# [PROMPT]
Starting with the line that contains "Modality: T2w" and stopping after the line that contains "An aerial image. It shows: Crossing", return each line below exactly as written, with no others.

# [THE DATA]
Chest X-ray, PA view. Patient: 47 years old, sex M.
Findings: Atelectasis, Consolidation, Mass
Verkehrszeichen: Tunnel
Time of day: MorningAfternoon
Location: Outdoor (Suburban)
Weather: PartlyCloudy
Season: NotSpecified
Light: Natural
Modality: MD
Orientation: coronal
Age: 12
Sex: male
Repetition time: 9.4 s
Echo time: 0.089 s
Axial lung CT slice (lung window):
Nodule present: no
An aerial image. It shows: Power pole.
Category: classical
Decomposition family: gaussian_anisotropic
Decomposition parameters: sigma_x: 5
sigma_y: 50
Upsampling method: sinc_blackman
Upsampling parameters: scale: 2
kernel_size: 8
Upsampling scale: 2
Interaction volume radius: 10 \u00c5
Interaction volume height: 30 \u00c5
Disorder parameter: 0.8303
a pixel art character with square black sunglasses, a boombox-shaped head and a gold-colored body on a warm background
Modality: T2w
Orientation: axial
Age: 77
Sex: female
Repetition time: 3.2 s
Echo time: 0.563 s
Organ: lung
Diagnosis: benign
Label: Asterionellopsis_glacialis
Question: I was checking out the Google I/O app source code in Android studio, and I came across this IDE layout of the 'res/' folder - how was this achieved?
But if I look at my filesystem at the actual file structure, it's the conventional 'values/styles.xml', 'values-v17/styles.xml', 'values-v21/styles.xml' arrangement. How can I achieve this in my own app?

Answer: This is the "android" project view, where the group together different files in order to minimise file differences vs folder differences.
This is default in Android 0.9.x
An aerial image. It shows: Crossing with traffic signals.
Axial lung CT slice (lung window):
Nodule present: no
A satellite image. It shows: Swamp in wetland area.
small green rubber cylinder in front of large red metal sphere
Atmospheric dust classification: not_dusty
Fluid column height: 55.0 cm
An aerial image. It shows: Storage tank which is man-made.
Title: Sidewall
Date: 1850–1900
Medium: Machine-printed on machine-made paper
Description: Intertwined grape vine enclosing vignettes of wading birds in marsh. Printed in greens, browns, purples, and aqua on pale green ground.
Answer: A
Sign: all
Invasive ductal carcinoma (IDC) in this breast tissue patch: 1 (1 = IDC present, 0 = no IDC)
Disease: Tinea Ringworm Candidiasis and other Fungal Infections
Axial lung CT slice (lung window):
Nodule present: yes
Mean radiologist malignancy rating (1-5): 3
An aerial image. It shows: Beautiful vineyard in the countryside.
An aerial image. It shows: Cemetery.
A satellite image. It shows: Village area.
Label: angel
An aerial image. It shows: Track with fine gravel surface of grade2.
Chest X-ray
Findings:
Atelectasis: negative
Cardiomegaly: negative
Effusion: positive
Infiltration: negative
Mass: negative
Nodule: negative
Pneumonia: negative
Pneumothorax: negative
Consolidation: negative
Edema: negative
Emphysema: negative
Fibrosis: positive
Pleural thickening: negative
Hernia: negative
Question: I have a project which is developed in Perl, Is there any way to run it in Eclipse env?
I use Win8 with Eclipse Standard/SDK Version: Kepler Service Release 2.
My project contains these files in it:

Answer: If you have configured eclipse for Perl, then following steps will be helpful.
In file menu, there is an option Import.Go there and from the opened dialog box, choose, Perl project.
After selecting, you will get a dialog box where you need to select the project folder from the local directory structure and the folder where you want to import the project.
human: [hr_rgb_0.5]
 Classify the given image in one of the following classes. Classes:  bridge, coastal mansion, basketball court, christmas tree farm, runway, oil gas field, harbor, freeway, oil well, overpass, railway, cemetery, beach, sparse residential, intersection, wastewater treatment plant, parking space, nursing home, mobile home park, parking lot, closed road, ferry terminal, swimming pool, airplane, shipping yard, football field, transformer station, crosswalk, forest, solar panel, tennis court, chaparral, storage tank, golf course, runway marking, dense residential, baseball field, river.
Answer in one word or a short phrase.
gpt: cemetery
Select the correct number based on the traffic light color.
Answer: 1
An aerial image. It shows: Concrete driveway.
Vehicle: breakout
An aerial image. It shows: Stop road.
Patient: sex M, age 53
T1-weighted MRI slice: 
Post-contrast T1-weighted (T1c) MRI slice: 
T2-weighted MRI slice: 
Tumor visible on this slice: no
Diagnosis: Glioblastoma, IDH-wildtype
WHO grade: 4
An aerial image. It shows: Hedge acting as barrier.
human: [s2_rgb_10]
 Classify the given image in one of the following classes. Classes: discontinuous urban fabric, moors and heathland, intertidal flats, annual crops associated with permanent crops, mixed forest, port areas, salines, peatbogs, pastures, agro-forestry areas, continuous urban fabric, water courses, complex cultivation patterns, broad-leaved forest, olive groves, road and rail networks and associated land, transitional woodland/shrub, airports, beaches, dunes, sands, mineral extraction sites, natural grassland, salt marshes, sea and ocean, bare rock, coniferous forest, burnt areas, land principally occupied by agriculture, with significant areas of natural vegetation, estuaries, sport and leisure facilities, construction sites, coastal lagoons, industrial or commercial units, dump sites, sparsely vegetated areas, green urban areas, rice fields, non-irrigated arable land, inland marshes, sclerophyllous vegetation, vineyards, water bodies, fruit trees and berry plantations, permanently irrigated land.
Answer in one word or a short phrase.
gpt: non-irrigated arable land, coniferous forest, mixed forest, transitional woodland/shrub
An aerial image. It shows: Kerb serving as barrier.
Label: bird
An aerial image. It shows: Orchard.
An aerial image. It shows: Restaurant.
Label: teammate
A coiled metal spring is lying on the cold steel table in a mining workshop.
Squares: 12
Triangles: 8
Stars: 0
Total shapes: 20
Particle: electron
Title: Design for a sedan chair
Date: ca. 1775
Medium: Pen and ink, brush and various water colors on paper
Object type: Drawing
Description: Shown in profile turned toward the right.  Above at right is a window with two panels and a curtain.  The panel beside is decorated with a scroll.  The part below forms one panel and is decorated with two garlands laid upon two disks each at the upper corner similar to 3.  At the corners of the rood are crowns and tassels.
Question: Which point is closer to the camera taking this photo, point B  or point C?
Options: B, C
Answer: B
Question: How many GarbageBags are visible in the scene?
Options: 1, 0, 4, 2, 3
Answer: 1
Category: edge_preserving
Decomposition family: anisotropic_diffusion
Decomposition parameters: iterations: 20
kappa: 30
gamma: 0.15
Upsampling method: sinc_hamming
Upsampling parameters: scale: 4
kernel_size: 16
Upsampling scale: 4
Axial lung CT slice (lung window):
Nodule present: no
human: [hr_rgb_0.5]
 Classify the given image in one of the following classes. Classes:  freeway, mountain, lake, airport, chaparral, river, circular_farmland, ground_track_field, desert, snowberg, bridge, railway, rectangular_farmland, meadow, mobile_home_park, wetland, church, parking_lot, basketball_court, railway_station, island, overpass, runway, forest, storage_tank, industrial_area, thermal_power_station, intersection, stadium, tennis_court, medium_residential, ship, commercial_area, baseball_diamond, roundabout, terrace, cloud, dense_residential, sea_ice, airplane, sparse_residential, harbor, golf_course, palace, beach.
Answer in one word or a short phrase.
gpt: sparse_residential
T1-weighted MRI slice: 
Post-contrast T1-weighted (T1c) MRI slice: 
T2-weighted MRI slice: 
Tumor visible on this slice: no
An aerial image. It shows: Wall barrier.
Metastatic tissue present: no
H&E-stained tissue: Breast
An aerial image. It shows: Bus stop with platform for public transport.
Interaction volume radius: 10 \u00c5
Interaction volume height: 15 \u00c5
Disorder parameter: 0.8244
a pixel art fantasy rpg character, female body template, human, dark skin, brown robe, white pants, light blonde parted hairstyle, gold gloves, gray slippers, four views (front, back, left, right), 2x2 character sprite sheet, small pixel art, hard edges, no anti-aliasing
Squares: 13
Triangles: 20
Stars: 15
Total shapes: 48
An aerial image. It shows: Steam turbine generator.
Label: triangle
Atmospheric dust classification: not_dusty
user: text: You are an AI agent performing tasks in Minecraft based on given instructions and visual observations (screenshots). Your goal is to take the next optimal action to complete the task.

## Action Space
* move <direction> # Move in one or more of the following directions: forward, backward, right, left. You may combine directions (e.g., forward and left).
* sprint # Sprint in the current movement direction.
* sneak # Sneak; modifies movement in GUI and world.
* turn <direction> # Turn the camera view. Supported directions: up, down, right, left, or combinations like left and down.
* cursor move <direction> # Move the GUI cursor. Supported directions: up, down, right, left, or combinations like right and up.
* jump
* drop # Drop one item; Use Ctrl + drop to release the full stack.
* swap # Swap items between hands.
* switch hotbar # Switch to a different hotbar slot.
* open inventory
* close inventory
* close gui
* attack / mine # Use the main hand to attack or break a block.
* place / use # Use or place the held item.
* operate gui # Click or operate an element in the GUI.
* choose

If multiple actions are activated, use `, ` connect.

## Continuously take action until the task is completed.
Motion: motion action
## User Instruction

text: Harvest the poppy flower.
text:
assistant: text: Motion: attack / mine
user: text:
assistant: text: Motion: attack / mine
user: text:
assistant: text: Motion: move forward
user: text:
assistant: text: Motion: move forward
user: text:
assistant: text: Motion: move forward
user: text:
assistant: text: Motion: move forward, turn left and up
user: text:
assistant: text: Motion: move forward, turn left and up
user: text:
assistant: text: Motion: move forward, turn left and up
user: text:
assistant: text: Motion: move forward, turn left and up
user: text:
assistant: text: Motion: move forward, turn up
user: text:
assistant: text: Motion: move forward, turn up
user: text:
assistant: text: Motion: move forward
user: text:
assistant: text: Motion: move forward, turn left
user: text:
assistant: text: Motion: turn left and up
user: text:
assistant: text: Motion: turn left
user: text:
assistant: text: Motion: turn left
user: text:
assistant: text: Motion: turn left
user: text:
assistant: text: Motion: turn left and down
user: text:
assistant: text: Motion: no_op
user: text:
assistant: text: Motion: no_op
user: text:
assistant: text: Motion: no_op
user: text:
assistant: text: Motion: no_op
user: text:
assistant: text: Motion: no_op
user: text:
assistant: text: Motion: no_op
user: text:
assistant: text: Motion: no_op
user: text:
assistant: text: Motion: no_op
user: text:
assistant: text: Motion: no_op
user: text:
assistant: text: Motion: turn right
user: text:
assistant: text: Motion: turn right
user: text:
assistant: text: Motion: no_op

# [SOLUTION TO THE EXERCISE]
Modality: T2w
Orientation: axial
Age: 77
Sex: female
Repetition time: 3.2 s
Echo time: 0.563 s
Organ: lung
Diagnosis: benign
Label: Asterionellopsis_glacialis
Question: I was checking out the Google I/O app source code in Android studio, and I came across this IDE layout of the 'res/' folder - how was this achieved?
But if I look at my filesystem at the actual file structure, it's the conventional 'values/styles.xml', 'values-v17/styles.xml', 'values-v21/styles.xml' arrangement. How can I achieve this in my own app?

Answer: This is the "android" project view, where the group together different files in order to minimise file differences vs folder differences.
This is default in Android 0.9.x
An aerial image. It shows: Crossing with traffic signals.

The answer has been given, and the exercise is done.